> **GOAL OF THE EXERCISE**: Would you give the listing back word for word once its pictures are removed?

═════ DATA PROVIDED ═════

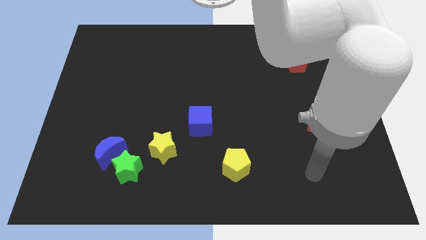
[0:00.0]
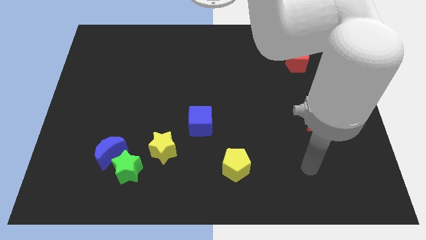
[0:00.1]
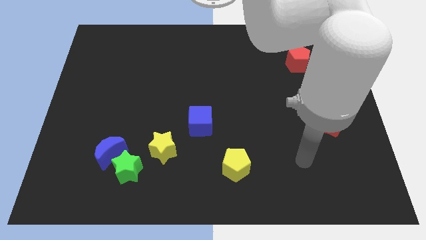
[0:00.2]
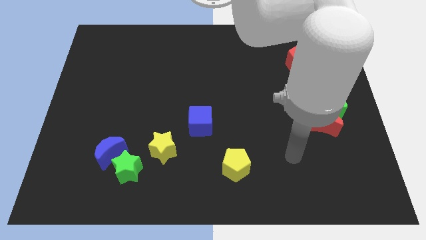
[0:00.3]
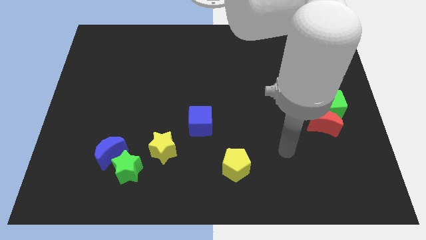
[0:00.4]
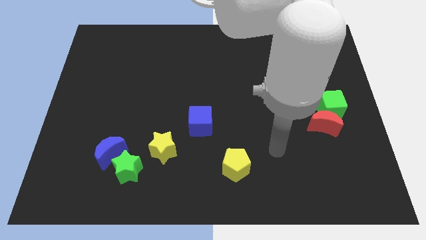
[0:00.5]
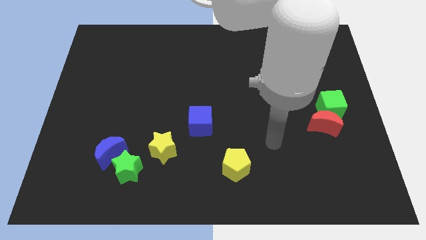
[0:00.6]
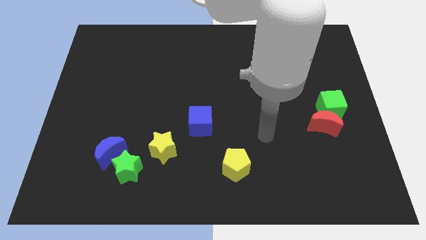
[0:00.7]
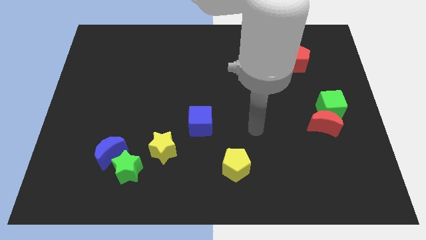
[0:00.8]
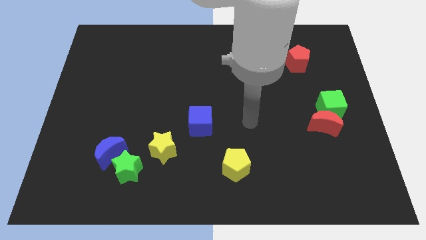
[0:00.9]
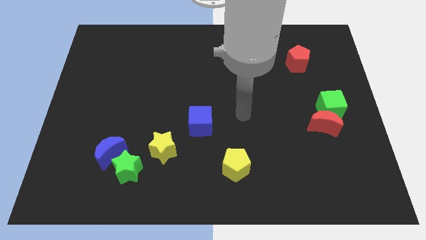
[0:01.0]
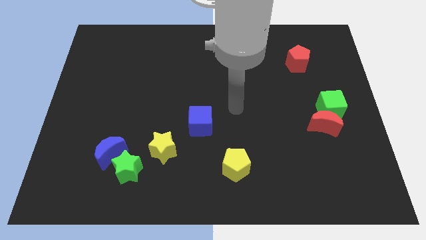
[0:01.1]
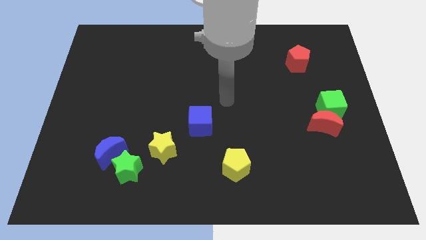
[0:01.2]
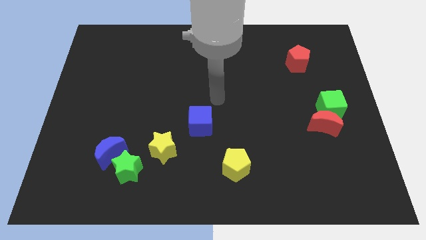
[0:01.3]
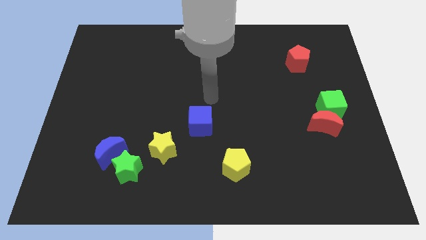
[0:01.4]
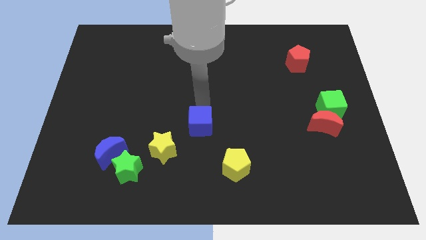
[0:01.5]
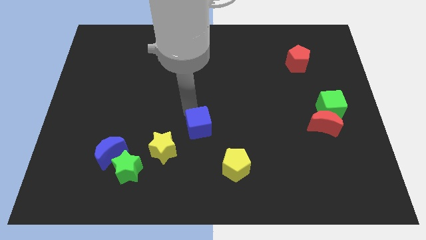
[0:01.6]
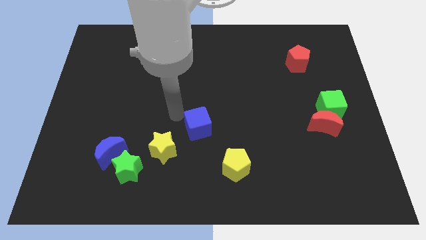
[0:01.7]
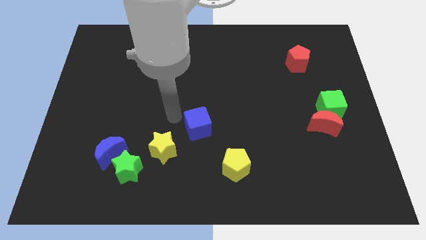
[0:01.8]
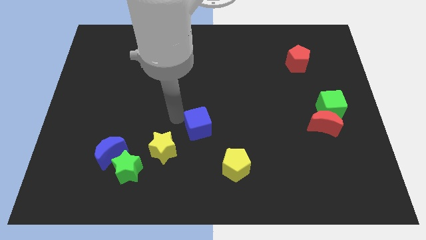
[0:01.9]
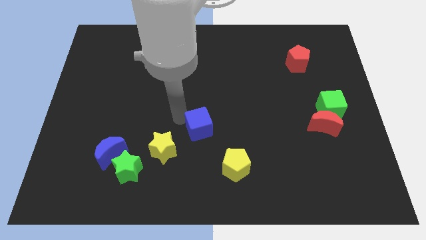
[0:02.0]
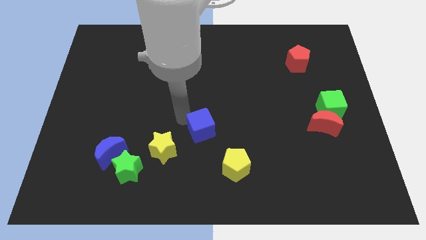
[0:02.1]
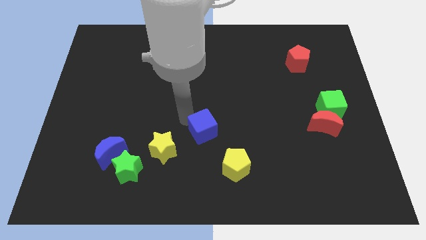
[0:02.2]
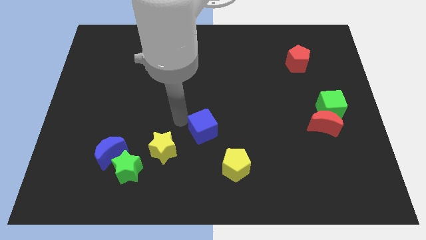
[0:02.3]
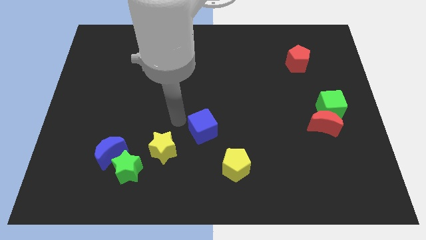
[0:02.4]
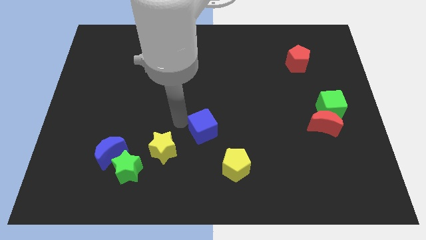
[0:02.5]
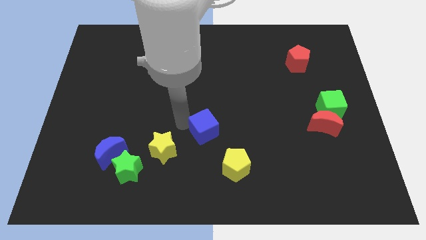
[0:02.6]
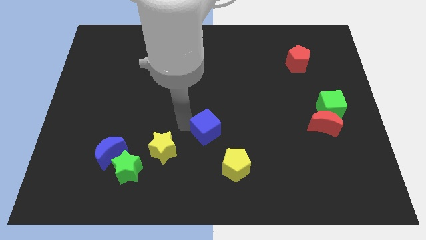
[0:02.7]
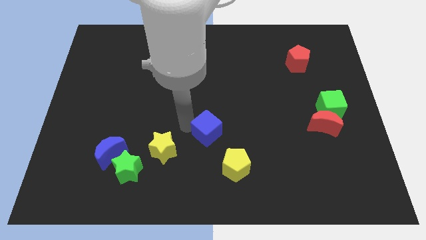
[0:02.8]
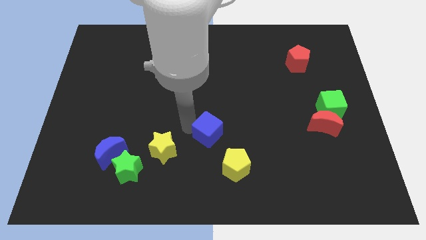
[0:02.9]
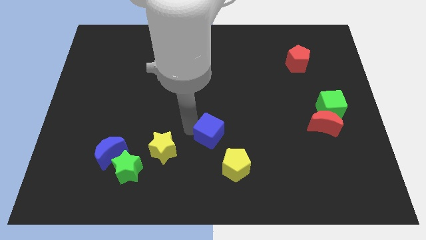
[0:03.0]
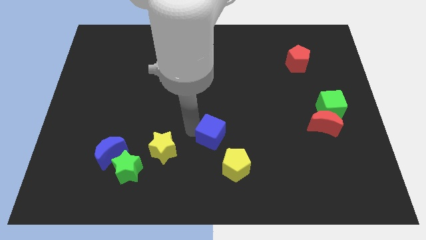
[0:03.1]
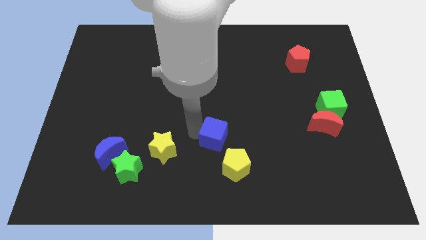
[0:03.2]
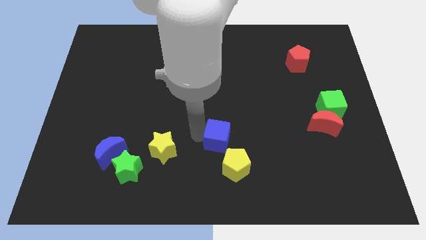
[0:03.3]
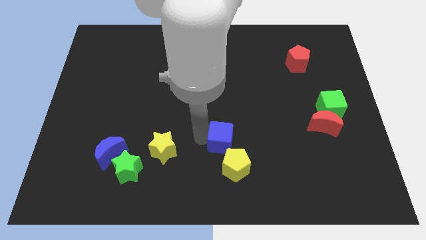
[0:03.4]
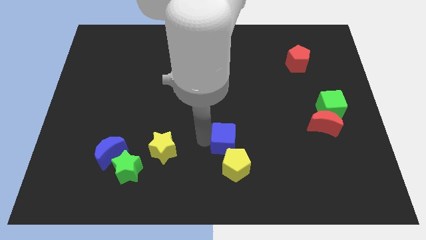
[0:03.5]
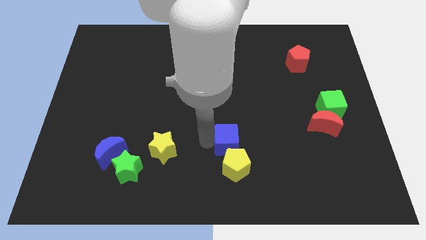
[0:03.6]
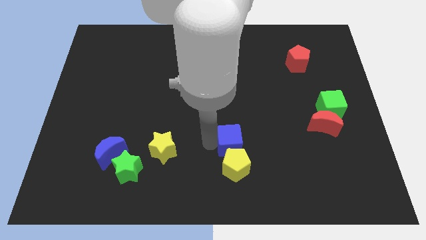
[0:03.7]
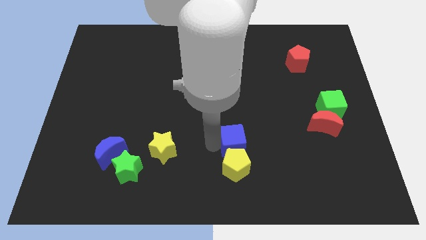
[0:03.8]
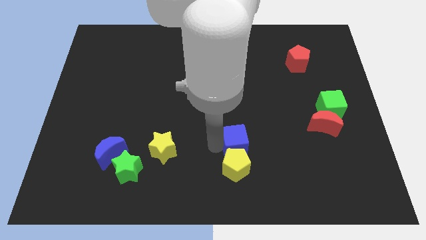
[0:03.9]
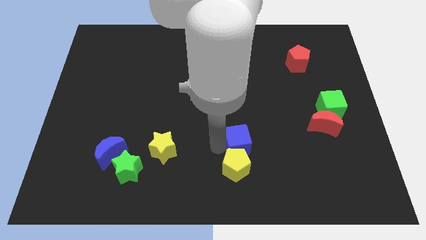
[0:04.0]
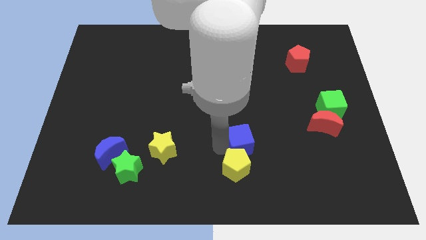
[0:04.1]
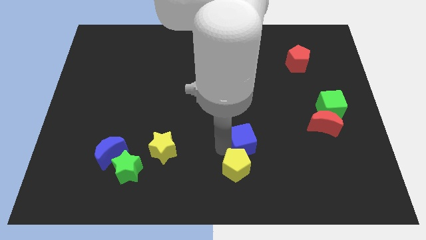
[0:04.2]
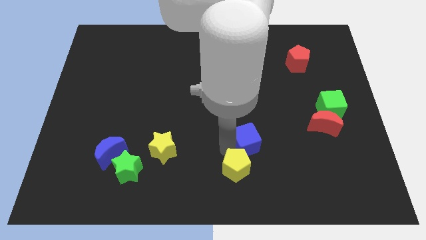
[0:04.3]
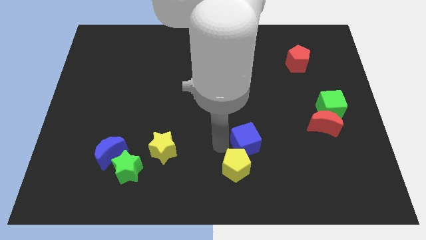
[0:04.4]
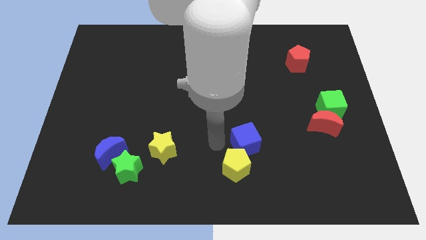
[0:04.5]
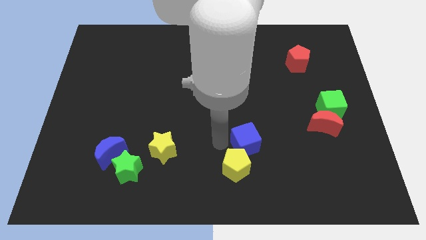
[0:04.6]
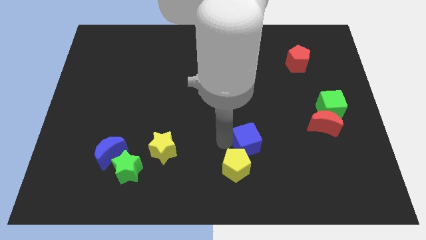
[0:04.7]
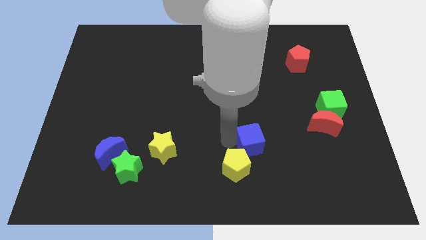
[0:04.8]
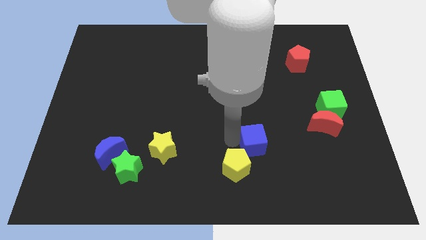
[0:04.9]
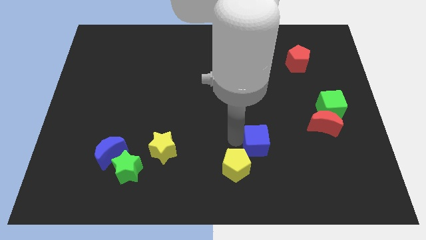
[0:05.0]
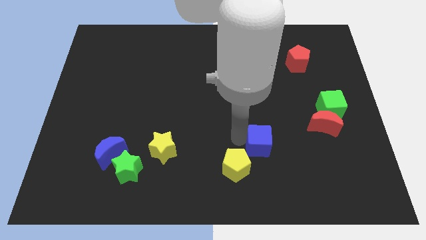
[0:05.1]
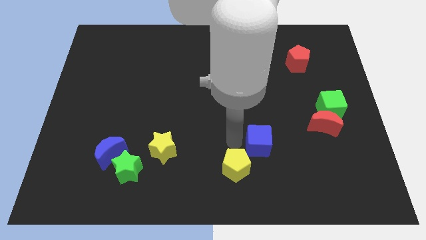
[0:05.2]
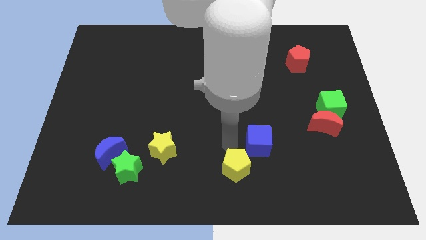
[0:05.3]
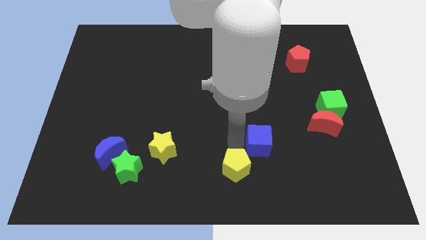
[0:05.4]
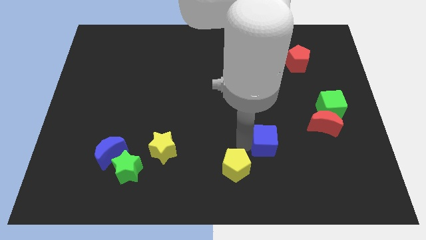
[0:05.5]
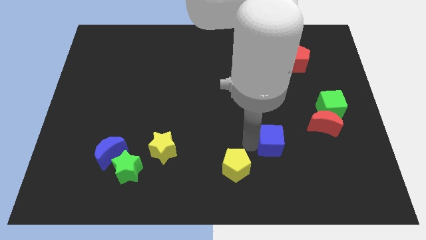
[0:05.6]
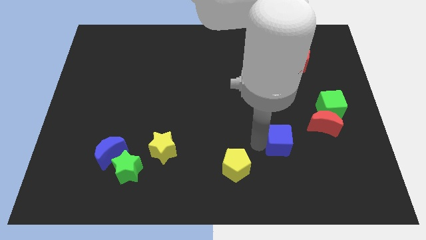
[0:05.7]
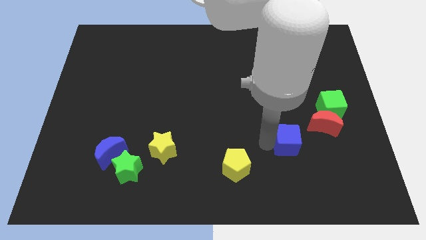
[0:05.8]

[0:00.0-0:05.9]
move the blue cube diagonally down and to the left of the red moon

═════

> **SOLUTION BELOW**:
[0:00.0]
[0:00.1]
[0:00.2]
[0:00.3]
[0:00.4]
[0:00.5]
[0:00.6]
[0:00.7]
[0:00.8]
[0:00.9]
[0:01.0]
[0:01.1]
[0:01.2]
[0:01.3]
[0:01.4]
[0:01.5]
[0:01.6]
[0:01.7]
[0:01.8]
[0:01.9]
[0:02.0]
[0:02.1]
[0:02.2]
[0:02.3]
[0:02.4]
[0:02.5]
[0:02.6]
[0:02.7]
[0:02.8]
[0:02.9]
[0:03.0]
[0:03.1]
[0:03.2]
[0:03.3]
[0:03.4]
[0:03.5]
[0:03.6]
[0:03.7]
[0:03.8]
[0:03.9]
[0:04.0]
[0:04.1]
[0:04.2]
[0:04.3]
[0:04.4]
[0:04.5]
[0:04.6]
[0:04.7]
[0:04.8]
[0:04.9]
[0:05.0]
[0:05.1]
[0:05.2]
[0:05.3]
[0:05.4]
[0:05.5]
[0:05.6]
[0:05.7]
[0:05.8]

[0:00.0-0:05.9]
move the blue cube diagonally down and to the left of the red moon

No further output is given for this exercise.